Requirement: The answer is all of the data repeated exactly, with each picture omitted.

Dataset items
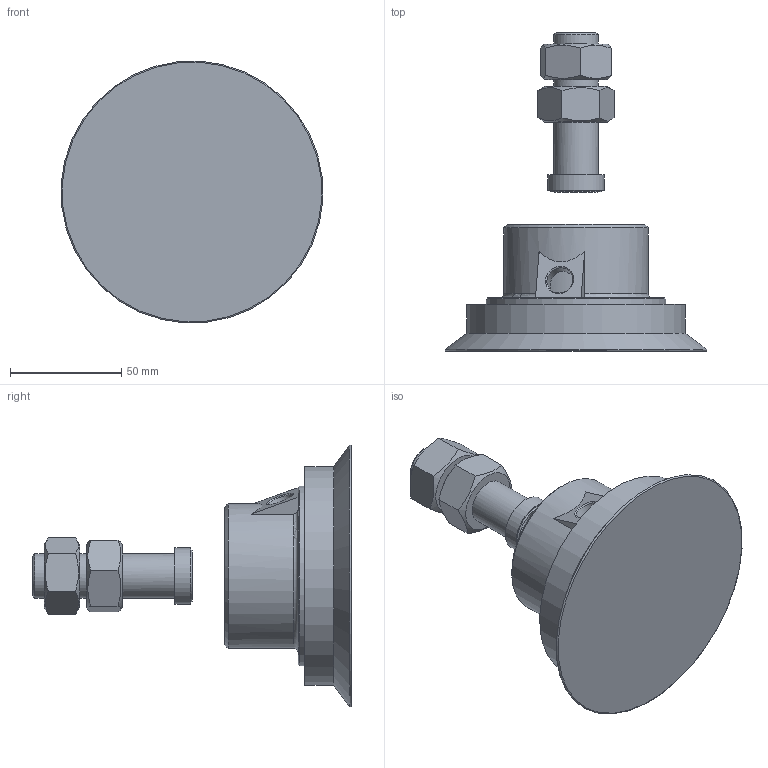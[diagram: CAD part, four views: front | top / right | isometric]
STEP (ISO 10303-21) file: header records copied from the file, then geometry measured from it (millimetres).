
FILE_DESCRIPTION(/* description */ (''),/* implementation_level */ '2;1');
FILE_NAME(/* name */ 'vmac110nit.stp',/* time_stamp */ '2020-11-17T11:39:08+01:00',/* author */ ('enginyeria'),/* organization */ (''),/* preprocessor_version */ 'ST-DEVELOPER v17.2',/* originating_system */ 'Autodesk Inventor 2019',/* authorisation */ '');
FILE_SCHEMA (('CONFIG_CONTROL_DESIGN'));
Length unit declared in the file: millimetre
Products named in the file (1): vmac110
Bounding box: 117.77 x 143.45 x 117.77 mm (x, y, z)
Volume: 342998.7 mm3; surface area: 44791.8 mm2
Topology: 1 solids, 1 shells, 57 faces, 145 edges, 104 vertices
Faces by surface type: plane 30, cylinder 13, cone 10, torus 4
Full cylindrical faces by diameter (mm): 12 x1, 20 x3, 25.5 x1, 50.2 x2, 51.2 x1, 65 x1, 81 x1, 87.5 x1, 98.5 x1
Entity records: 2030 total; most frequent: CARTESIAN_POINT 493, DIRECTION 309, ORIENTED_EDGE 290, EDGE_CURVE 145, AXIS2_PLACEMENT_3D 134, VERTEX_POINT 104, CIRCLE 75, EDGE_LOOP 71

Task answer:
[diagram: CAD part, four views: front | top / right | isometric]
STEP (ISO 10303-21) file: header records copied from the file, then geometry measured from it (millimetres).
FILE_DESCRIPTION(/* description */ (''),/* implementation_level */ '2;1');
FILE_NAME(/* name */ 'vmac110nit.stp',/* time_stamp */ '2020-11-17T11:39:08+01:00',/* author */ ('enginyeria'),/* organization */ (''),/* preprocessor_version */ 'ST-DEVELOPER v17.2',/* originating_system */ 'Autodesk Inventor 2019',/* authorisation */ '');
FILE_SCHEMA (('CONFIG_CONTROL_DESIGN'));
Length unit declared in the file: millimetre
Products named in the file (1): vmac110
Bounding box: 117.77 x 143.45 x 117.77 mm (x, y, z)
Volume: 342998.7 mm3; surface area: 44791.8 mm2
Topology: 1 solids, 1 shells, 57 faces, 145 edges, 104 vertices
Faces by surface type: plane 30, cylinder 13, cone 10, torus 4
Full cylindrical faces by diameter (mm): 12 x1, 20 x3, 25.5 x1, 50.2 x2, 51.2 x1, 65 x1, 81 x1, 87.5 x1, 98.5 x1
Entity records: 2030 total; most frequent: CARTESIAN_POINT 493, DIRECTION 309, ORIENTED_EDGE 290, EDGE_CURVE 145, AXIS2_PLACEMENT_3D 134, VERTEX_POINT 104, CIRCLE 75, EDGE_LOOP 71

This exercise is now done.